14. Il résulte de ce qui précède que M. B est fondé, pour ce motif, à demander l’annulation de l’arrêté du 3 février 2021 par lequel C de la commune de Toulouse lui a retiré son autorisation d’emplacement situé sur le marché des Allées Jules Guesde de la commune de Toulouse, et de la décision du 1er juin 2021 portant refus de son recours gracieux. En revanche, les autres moyens de la requête ne sont pas de nature à entrainer l’annulation de ces décisions.
Sur les frais liés au litige :
15. M. B a obtenu le bénéfice de l’aide juridictionnelle. Par suite, son avocat peut se prévaloir des dispositions de l’article 37 de la loi du 10 juillet 1991. Il y a lieu, dans les circonstances de l’espèce, de mettre à la charge de la commune de Toulouse la somme de 1 500 euros à verser à Me Sabatté, sous réserve que ce dernier renonce à percevoir la somme correspondant à la part contributive de l’État.
16. Les dispositions de l’article L. 761-1 du code de justice administrative font obstacle à ce que M. B, qui n’est pas la partie perdante, soit condamné à verser à la commune de Toulouse la somme de 1 500 euros qu’elle demande au titre des frais liés au litige.
D E C I D E:
Article 1er : L’arrêté du 3 février 2021 par lequelCe de la commune de Toulouse a retiré l’autorisation d’emplacement situé sur le marché des Allées Jules Guesde de la commune à M. B et la décision du 1er juin 2021 portant rejet de son recours gracieux, sont annulés.
Article 2 : La commune de Toulouse versera à Me Sabatté la somme de 1 500 euros sur le fondement des dispositions combinées de l’article L. 761-1 du code de justice administrative et de l’article 37 alinéa 2 de la loi du 10 juillet 1991 relative à l’aide juridique, sous réserve que Me Sabatté renonce à percevoir la somme correspondant à la part contributive de l’Etat.
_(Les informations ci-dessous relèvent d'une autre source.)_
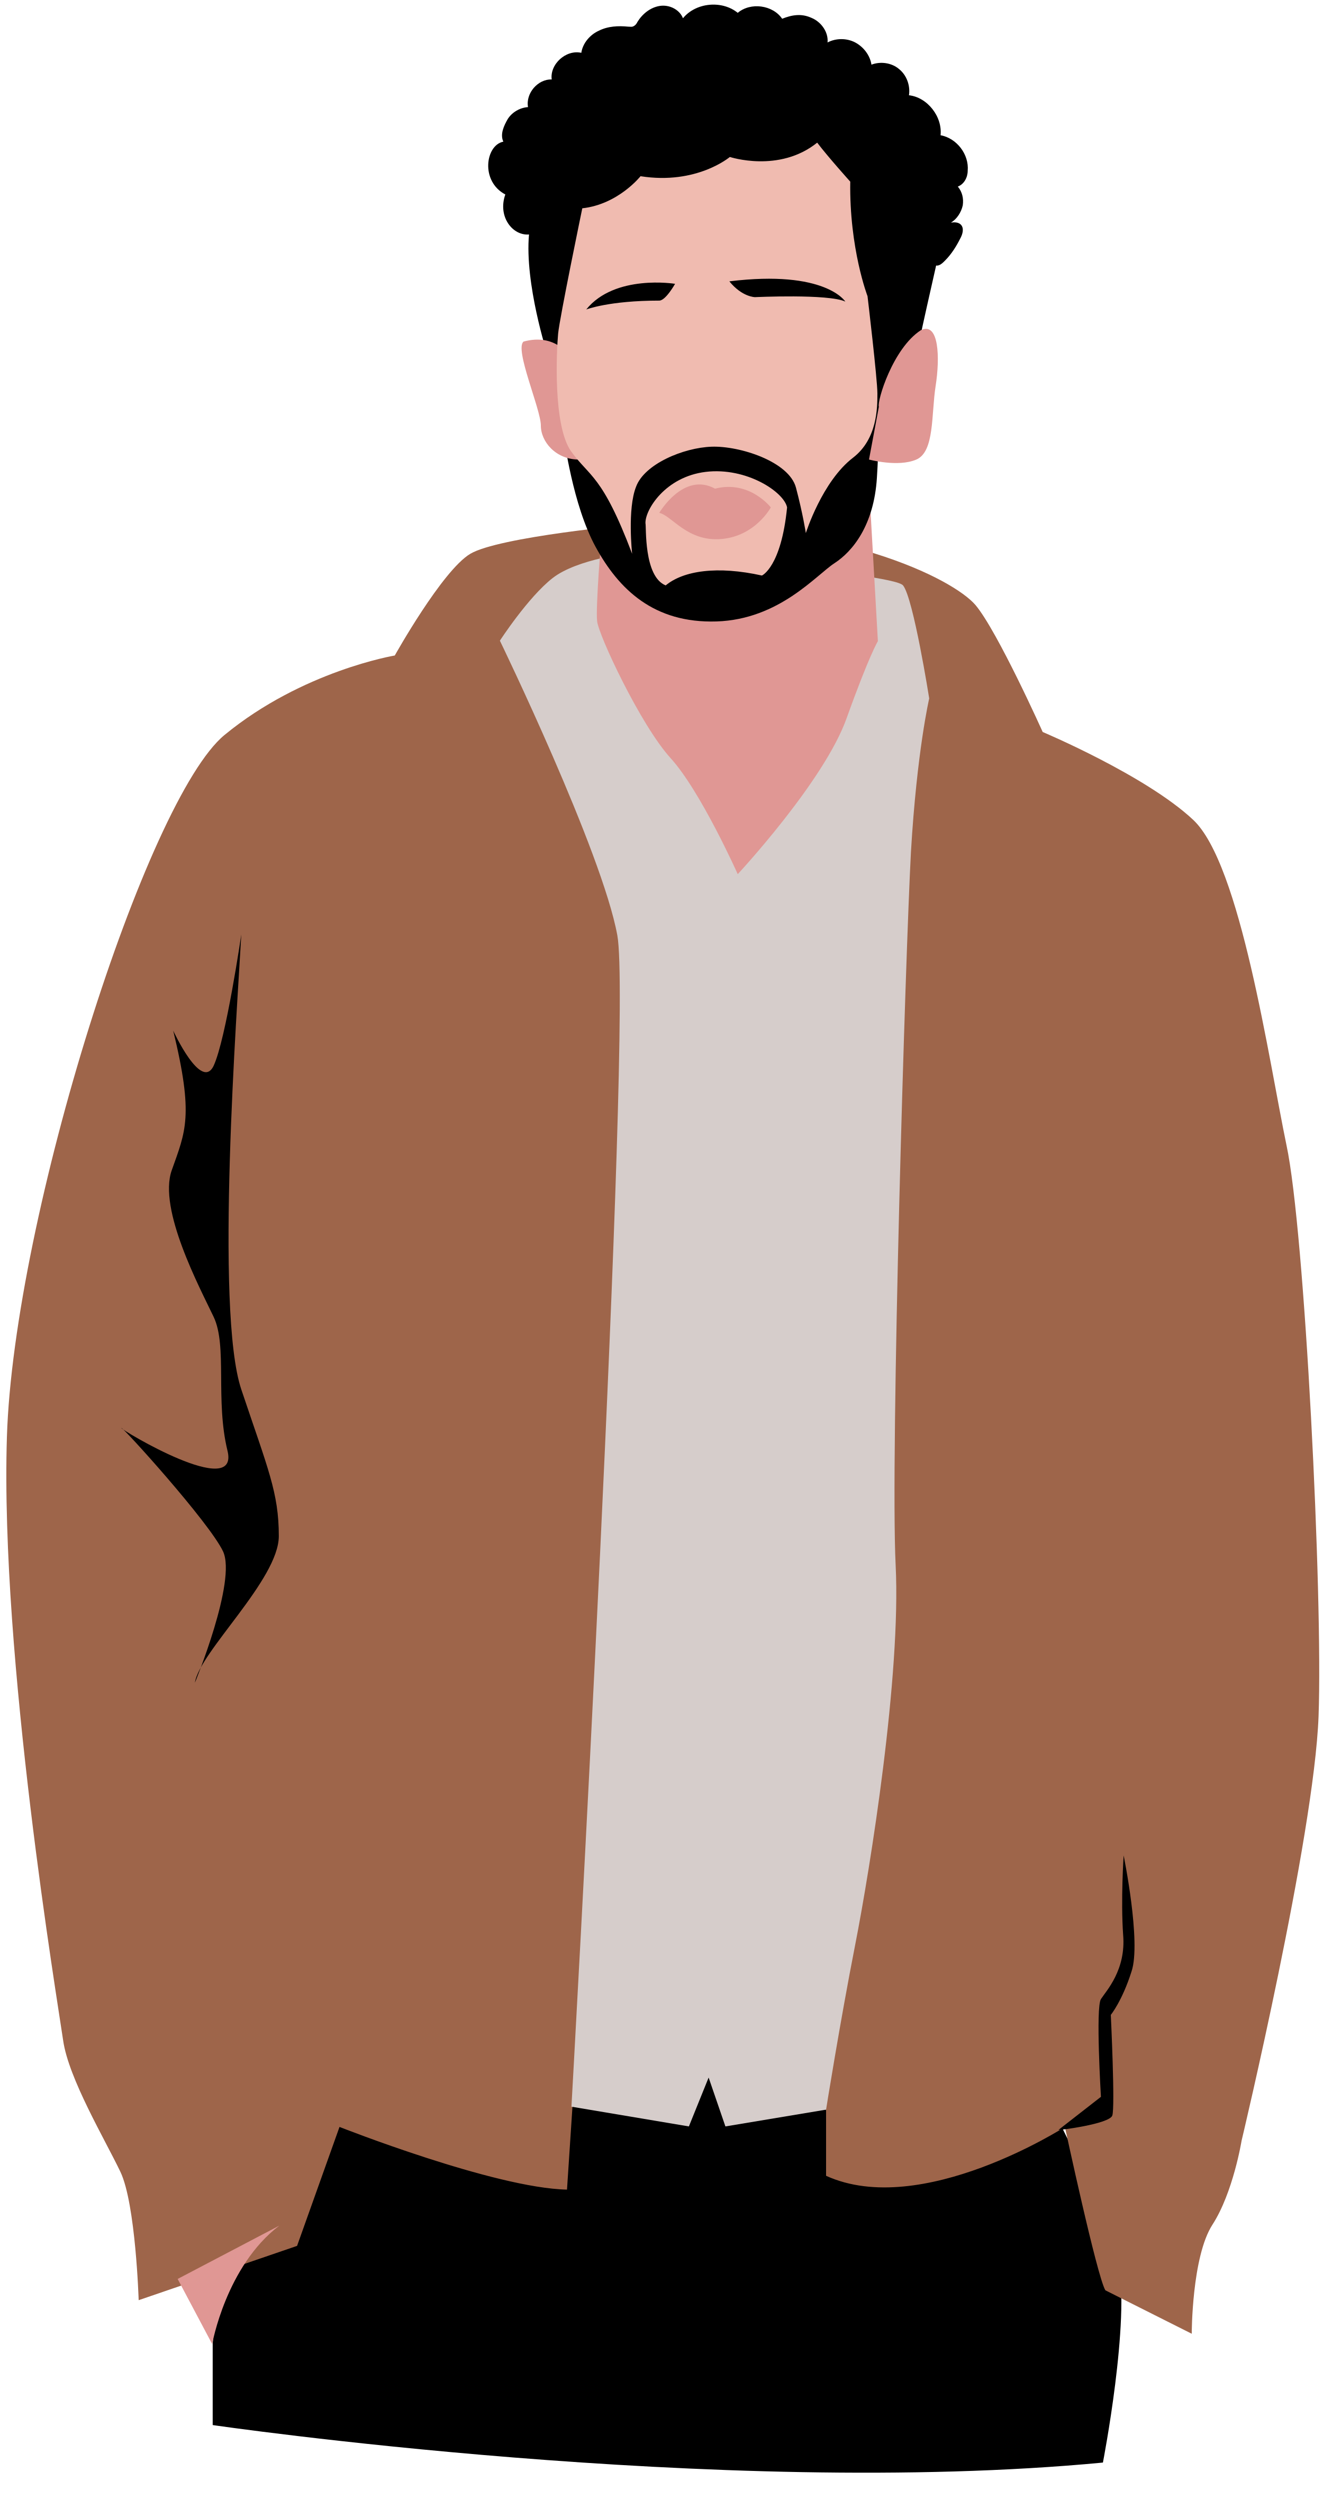 <?xml version="1.0" encoding="UTF-8" standalone="no"?><svg xmlns="http://www.w3.org/2000/svg" xmlns:xlink="http://www.w3.org/1999/xlink" fill="#000000" height="506.3" preserveAspectRatio="xMidYMid meet" version="1" viewBox="-1.3 -1.0 268.1 506.3" width="268.1" zoomAndPan="magnify"><g id="change1_1"><path d="M105.6,338c20.4-4.5,96.8,69.7,96.8,69.7s20.4,37.6,22.9,49.5c2.5,11.9-3.1,40.7-3.1,40.7 c-77.8,7.4-180.4-7.6-180.4-7.6s0-14.7,0-16.4s4.2-33.1,5.4-34.5C47.1,439.4,85.2,342.6,105.6,338z" fill="#000000"/></g><g id="change2_1"><path d="M196.4,121.6c4.5,5.4,13.6,25.7,13.6,25.7s20.9,8.8,30.5,17.8c9.6,9,15.3,48.6,18.9,65.9 c3.7,17.2,7.4,91.3,6.5,115.7s-15.6,86-15.6,86s-1.7,10.5-5.9,17c-4.2,6.5-4.2,22.1-4.2,22.1l-17.5-8.8c-1.7-2.8-8.2-33.1-8.2-33.1 s-29.1,18.7-48.4,9.9v-13.3l-25.7-21.8l-25.7,21.2l-1.1,16.7c-14.7-0.3-46.1-12.7-46.1-12.7l-8.6,24.1l-32.1,11c0,0-0.6-19.5-3.7-26 c-3.1-6.5-10.5-18.9-11.6-26.6S-1.3,334.8,0.1,290.1s28.3-129.2,44.1-142.2s34.5-16.1,34.5-16.1s9.6-17.2,15.3-20.6 c5.7-3.4,32.5-6,35.5-6.1C168.8,104.6,191.8,116.2,196.4,121.6z" fill="#9e654a"/></g><g id="change1_2"><path d="M47.6,188.3c-0.8,14.7-5.4,76.1,0,92.2s7.6,20.9,7.6,29.7s-16.1,23.5-17,29.7c0,0,8.5-20.6,5.7-26.6 c-2.8-5.9-20.4-25.3-20.6-25s24,14.8,21.5,4.6s0-21.2-2.8-27.1c-2.8-5.9-11.3-21.8-8.5-29.7c2.8-7.9,4.5-11,0.3-28.3 c0,0,5.7,12.4,8.2,7.1C44.5,209.5,47.6,188.3,47.6,188.3z M224.1,427.6c0.6-1.7-0.3-20.4-0.3-20.4s2.3-2.8,4.2-8.8 c2-5.9-1.6-23.5-1.6-23.5s-0.6,9-0.1,16.1c0.6,7.1-3.4,11.3-4.5,13c-1.1,1.7,0,19.8,0,19.8l-8.6,6.7 C213.3,430.6,223.5,429.3,224.1,427.6z" fill="#000000"/></g><g id="change3_1"><path d="M181.7,117.6c2.1,2.6,5.3,22.9,5.3,22.9s-2.5,10.7-3.7,31.1c-1.1,20.4-4.2,122.2-3.1,144.5 c1.1,22.3-5.1,61.1-8.2,76.9c-3.1,15.8-5.9,33.4-5.9,33.4l-20.4,3.4l-3.4-9.9l-4,9.9l-23.8-4c0,0,12.4-220.3,9.3-237.3 c-3.1-17-23.8-59.7-23.8-59.7s5.7-8.8,10.7-12.7s15.9-5.1,15.9-5.1S179.6,115,181.7,117.6z" fill="#d6cdcb"/></g><g id="change4_1"><path d="M174.8,97.1l1.8,31.8c0,0-1.7,2.7-6.3,15.5c-4.5,12.8-22.1,31.7-22.1,31.7s-7.5-16.8-13.6-23.5 c-6.1-6.7-14.7-25.1-14.9-27.8c-0.3-2.7,0.8-17,1.1-18.8L174.8,97.1z" fill="#e09794"/></g><g id="change1_3"><path d="M192.8,36.8c0.9,1.1,1.2,2.4,1,3.8c-0.3,1.4-1.2,2.8-2.4,3.5c0.7-0.1,1.5-0.1,2,0.4c0.7,0.7,0.4,1.9-0.1,2.8 c-0.8,1.6-1.8,3.2-3.1,4.5c-0.5,0.5-1.1,1.1-1.8,1c-1.2,5.4-2.5,10.9-3.6,16.3c-1.1,5.1-2.2,10.2-5,14.6c-0.9,1.4-1.9,2.6-3.1,3.7 c0,2.5-0.1,5.3-0.3,8.4c-0.6,9.6-4.9,14.9-8.6,17.3c-3.7,2.4-11.2,11.4-23.9,11.8c-12.7,0.4-19.8-6.5-24.5-15.1 c-4.7-8.6-6.3-21.9-6.6-22.8l12.5-6.1l22.9-1c-0.7-0.7-1.4-1.4-2.2-1.8c-1.6-0.8-3.4-1-5.2-1c-3.7-0.1-7.5,0.2-11.2,0.8 c-3.3,0.5-6.6,1.3-9.8,0.6c-4.1-0.8-7.2-4.9-10.2-7.8c0,0-4.6-14.2-3.7-24.2c-3.3,0.3-6.4-3.6-4.8-8.1c-5.1-2.7-4-10-0.4-10.7 c-0.7-1.5,0.1-3.2,0.9-4.6c0.9-1.4,2.5-2.3,4.1-2.4c-0.5-2.8,2-5.7,4.8-5.6c-0.4-3.1,2.9-6.1,6-5.4c0.3-2,1.8-3.7,3.6-4.5 c1.8-0.9,3.9-1,5.9-0.8c0.4,0,0.8,0.1,1.1-0.1c0.4-0.2,0.6-0.5,0.8-0.9c1-1.6,2.6-2.9,4.5-3.2s4,0.7,4.7,2.5 c2.6-3.2,7.9-3.7,11.1-1.1c2.6-2.2,7.1-1.6,9,1.2c2-0.8,3.9-1.1,5.9-0.2c2,0.8,3.5,2.9,3.3,5c1.7-0.9,3.9-0.9,5.6,0 c1.7,0.9,3,2.6,3.3,4.5c1.8-0.7,4.1-0.4,5.6,0.9c1.5,1.2,2.3,3.3,2,5.3c3.7,0.4,6.8,4.3,6.4,8.1c3.3,0.6,5.8,3.9,5.5,7.2 C194.8,34.9,194.1,36.3,192.8,36.8z" fill="#000000"/></g><g id="change4_2"><path d="M115.8,92.1c-4.5-0.1-7.5-3.6-7.5-6.9c0-3.3-5.4-15.5-3.5-17c6.6-1.8,9.4,3.1,9.4,3.1S120.3,92.2,115.8,92.1 z M174.8,92.1c0,0,5.9,1.6,9.6,0s3-9.1,3.9-14.9c0.9-5.7,0.7-13.1-3-11.3c-5.7,3.7-8.9,14.4-8.5,15.5L174.8,92.1z" fill="#e09794"/></g><g id="change5_1"><path d="M141.7,94.6c8.3-1,15.9,4.1,16.5,7.2c-1.2,12.1-5.1,13.8-5.1,13.8c-9-2-15.9-1-19.5,2 c-4.5-1.8-3.9-12-4.1-12.6C129.4,102.3,133.5,95.6,141.7,94.6z M176.5,78.7c0,2.9,0,9.2-4.9,13c-6.3,4.8-9.6,15.3-9.6,15.3 s-0.6-3.9-2-9.2c-1.4-5.3-11.4-8.5-17.1-8.3s-13.6,3.5-15.3,8.1c-1.8,4.5-0.8,13.6-0.8,13.6c-6.1-16.1-8.6-15.5-12.4-20.8 c-3.7-5.3-2.9-20.6-2.6-23.8s4.9-25.4,4.9-25.4c7.3-0.8,11.8-6.5,11.8-6.5c11.4,1.8,18.1-3.9,18.1-3.9s10,3.3,17.7-2.9 c2.2,2.9,6.7,7.9,6.7,7.9c-0.2,13.6,3.5,23.2,3.5,23.2S176.5,75.8,176.5,78.7z M135.5,56.5c0,0-12.2-2-18,5.2c0,0,4.6-1.8,14.8-1.8 C133.6,59.9,135.5,56.5,135.5,56.5z M170,60.1c0,0-4-6.5-23.5-4.1c2.6,3.2,5.2,3.2,5.2,3.2S166.6,58.5,170,60.1z" fill="#f0bbb0"/></g><g id="change4_3"><path d="M143.6,98c7-1.8,11.3,3.8,11.3,3.8s-3.1,5.8-10,6.4c-6.9,0.6-10-4.7-12.6-5.3 C132.3,102.9,137.2,94.5,143.6,98z M34.7,460.7l7,13.2c0,0,2.8-15.8,13.6-24L34.7,460.7z" fill="#e09794"/></g></svg>

Article 3 : Les conclusions de la commune de Toulouse présentées sur le fondement des dispositions de l’article L. 761-1 du code de justice administrative sont rejetées.
Article 4 : Le présent jugement sera notifié à M. A B, à Me Sabatté et au maire de la commune de Toulouse.
Délibéré après l’audience du 25 février 2025, à laquelle siégeaient :
Mme Carotenuto, présidente,
Mme Soddu, première conseillère,
Mme Mérard, première conseillère.
Rendu public par mise à disposition au greffe le 11 mars 2025.
La rapporteure,
N. SODDU
La présidente,
S. CAROTENUTO La greffière,
S. BALTIMORE
La République mande et ordonne au ministre de l’économie, des finances et de la souveraineté industrielle et numérique en ce qui le concerne et à tous commissaires de justice à ce requis en ce qui concerne les voies de droit commun, contre les parties privées, de pourvoir à l’exécution de la présente décision.